As a summary, it looks like there are two schools of thought on this issue.

Allow (normally-open) contactors for battery disconnect:

  • Makes it easier/safer to locate e-stop button in visible/accessible place
  • Permits easy installation of multiple e-stop buttons
  • Minimizes amount of high-power wiring in vehicle
  • Allows addition of other safety devices that can automatically disconnect battery
  • Already in use in several cars to-date and has not shown any problems to-date
    • (do we grandfather in if banned?)

Ban contactors and require direct-wired switch for battery disconnect:

  • Ensures there is a simple disconnect that is hard to mess up by teams with limited electrical knowledge
  • Easy to visually police by tech inspectors
  • This switch also serves as a hard safety disconnect while working on the drivetrain (although a physically unplugged battery is better safety assurance)

My personal vote is to allow (normally-open) contactors for E-stop/battery-disconnect/kill-switch/whatever-you-want-to-call-it purposes.
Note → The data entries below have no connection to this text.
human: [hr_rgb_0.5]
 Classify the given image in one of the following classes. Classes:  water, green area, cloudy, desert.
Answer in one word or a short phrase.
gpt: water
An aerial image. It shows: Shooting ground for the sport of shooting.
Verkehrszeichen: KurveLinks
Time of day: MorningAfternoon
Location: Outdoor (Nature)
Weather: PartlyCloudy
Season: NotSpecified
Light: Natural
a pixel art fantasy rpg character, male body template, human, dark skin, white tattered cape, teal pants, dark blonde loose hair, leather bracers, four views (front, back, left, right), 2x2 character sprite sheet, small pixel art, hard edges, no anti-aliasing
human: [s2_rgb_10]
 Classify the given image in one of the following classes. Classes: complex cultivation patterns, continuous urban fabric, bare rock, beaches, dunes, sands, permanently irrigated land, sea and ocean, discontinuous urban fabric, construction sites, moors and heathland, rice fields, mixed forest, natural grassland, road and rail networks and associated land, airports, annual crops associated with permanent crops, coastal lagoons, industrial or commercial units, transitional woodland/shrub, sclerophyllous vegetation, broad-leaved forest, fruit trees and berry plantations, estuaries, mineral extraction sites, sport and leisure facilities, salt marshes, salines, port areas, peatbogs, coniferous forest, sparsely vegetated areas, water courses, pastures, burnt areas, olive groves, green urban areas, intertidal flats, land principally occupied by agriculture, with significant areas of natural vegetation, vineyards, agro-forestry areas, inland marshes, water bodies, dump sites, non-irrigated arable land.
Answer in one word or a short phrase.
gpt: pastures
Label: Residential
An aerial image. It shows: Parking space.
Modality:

To my knowledge, all of the times that a power-disconenct-device had to be used in an emergency so far have been due to either a runaway car/jammed throttle or uncontrolled motor after crash-related damage. In all of these cases, ease/speed of accessing and operating the switch was of utmost importance. Here, anything that allows more convenient switch location(s) is beneficial.

We already have a voltage limit to minimize electrical hazards. If you have the proper fuse and use proper wire size, then there shouldn’t be much fire risk in event of vehicle damage.
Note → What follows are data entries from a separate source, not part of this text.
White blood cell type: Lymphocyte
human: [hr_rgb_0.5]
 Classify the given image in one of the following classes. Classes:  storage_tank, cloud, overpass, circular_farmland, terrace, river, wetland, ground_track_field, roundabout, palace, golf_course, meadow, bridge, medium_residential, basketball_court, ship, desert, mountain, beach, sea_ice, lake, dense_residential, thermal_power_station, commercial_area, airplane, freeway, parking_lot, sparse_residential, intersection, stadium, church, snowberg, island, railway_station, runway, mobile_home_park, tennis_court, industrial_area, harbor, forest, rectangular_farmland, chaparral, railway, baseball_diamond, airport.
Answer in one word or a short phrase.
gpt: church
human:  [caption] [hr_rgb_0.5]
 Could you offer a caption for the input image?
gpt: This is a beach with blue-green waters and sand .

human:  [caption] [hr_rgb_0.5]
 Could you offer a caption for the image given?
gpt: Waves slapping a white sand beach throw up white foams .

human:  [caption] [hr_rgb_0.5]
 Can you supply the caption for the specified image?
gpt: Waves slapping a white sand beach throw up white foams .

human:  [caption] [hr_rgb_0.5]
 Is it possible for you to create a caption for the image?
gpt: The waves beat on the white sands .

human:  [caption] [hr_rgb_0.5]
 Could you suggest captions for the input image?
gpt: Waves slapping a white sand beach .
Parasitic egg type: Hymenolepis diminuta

The one argument that I see for requiring a direct battery-disconnect switch is pit safety where people don’t seem to want to waste time unplugging a battery before sticking body appendages into their drivetrain in the heat of the race. I have seem people not waste time turning off their battery-disconnect switch too.

If we want to have two potentially-discrete disconnect mechanisms, then that is another story. Battery-Disconnect: Used to render the car safe for maintenance or handling and is a switch that directly disconnects the battery. E-Stop Button: Used to stop a runaway car, other hazard associated with uncontrolled motor, or fire hazard after major damage (goal is to be as easy and universal to access/operate in an emergency as possible).